This is a very special post, because the endangered Manatee is my favorite sea creature. I love all sea creatures, but I encourage you to Pick/Protect this one.

Try and watch this without your heart melting:

Why you should pick them

  • I already said it’s my favorite ocean creature, but here are some additional reasons to pick the manatee:
  • Their only enemy: boat propellers (in other words, man).
  • Manatees stay and travel near the coastline of the ocean, but they like to live in rivers near the ocean.
  • They are noisy plant eaters, and eat up to 60-plus pounds of water plants per day.
  • They usually give birth to one calf per year (sometimes they even have twins). It’s also been said that they make great parents.
  • Now here’s a really weird fact: manatees used to be called mermaids. Looking at manatees in the video, they don’t look like mermaids AT ALL. Hundreds of years ago, when sailors first saw Manatees (including one famous sailor named Christopher Columbus), they somehow thought, with their wacky imaginations, that they were mermaids.
  • Manatees grow to be between 800 and 1200 pounds, and 8.2-9.8 feet long. They have paddle-shaped tails, and shorter snouts than their cousins, the dugongs.
  • They spend their days eating, sleeping and travelling, and they swim very slowly.
  • Manatees are nicknamed “sea cows,” because when you look at a manatee grazing under water, they look a lot like a cow grazing on land. They’re messy and noisy eaters!
  • The land animal the manatee is most closely related to is the elephant.
  • Thousands of years ago, Manatees used to graze on land with cows, but over time, they entered the water, and their front legs evolved into flippers, their back legs into a paddle-shaped tail, and they became water animals. But, they still have fingernails on their flippers to prove that they were once land animals.

Why they need protecting

Once again, their main enemies are boat propellers. While in the water, a Manatee might hear the buzzing noise of a boat propeller and get curious. As Manatees have literally NO fear, one might swim up to the propeller out of curiosity, and BAM! The boat propeller hits the Manatee. Some drown, some are badly injured as a result.

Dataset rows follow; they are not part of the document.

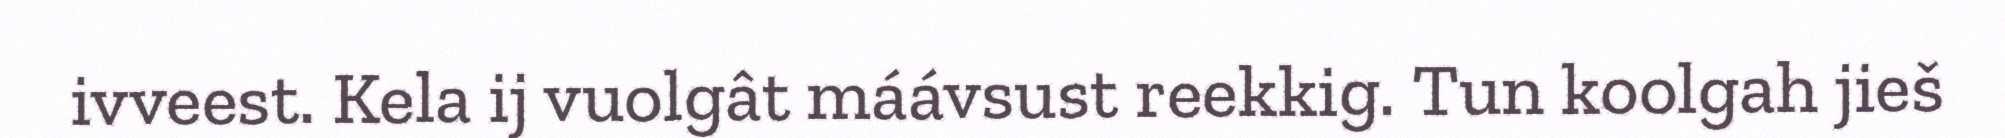
ivveest. Kela ij vuolgât máávsust reekkig. Tun koolgah jieš
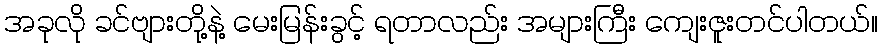
အခုလို ခင်ဗျားတို့နဲ့ မေးမြန်းခွင့် ရတာလည်း အများကြီး ကျေးဇူးတင်ပါတယ်။
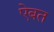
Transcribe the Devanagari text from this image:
ऐबत
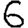
Digit: 6
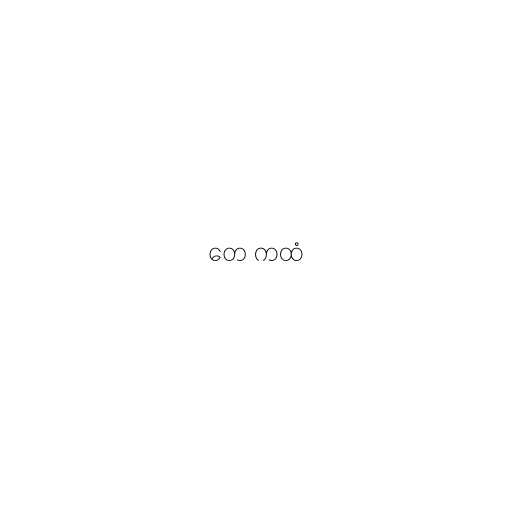
တေ ကထံ
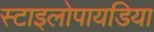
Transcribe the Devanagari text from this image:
स्टाइलोपायडिया
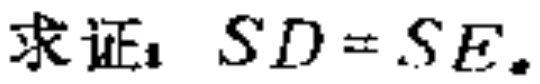
求证：$SD = SE$。
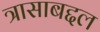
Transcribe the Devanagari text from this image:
त्रासाबद्दल

In 2009, a record number of Manatees were recorded in Florida (3809), but unfortunately, a record number were also killed in the same year (419), most by humans, and 30% of those deaths from boat strikes. That equals 12.5% of the whole population killed, which is not good.

How you can protect them

Spread the word to boaters you know to pay attention to Manatee zones in the water. That means turn off your engine.

You can also donate to the Manatee cause. One way is to join the Save the Manatee Club. You can click on the ad in the sidebar here on O4E to find out how you can adopt one for your dad for father’s day, or for yourself or someone you love, anytime.

You can also help the STMC by voting for them in the Pepsi Refresh Project as they compete for a grant to study Manatees in Florida (vote now – the contest ends May 31st).

I encourage you to find all you can about the Manatee and tell ME some ways you can protect it – unless I already know. ;-)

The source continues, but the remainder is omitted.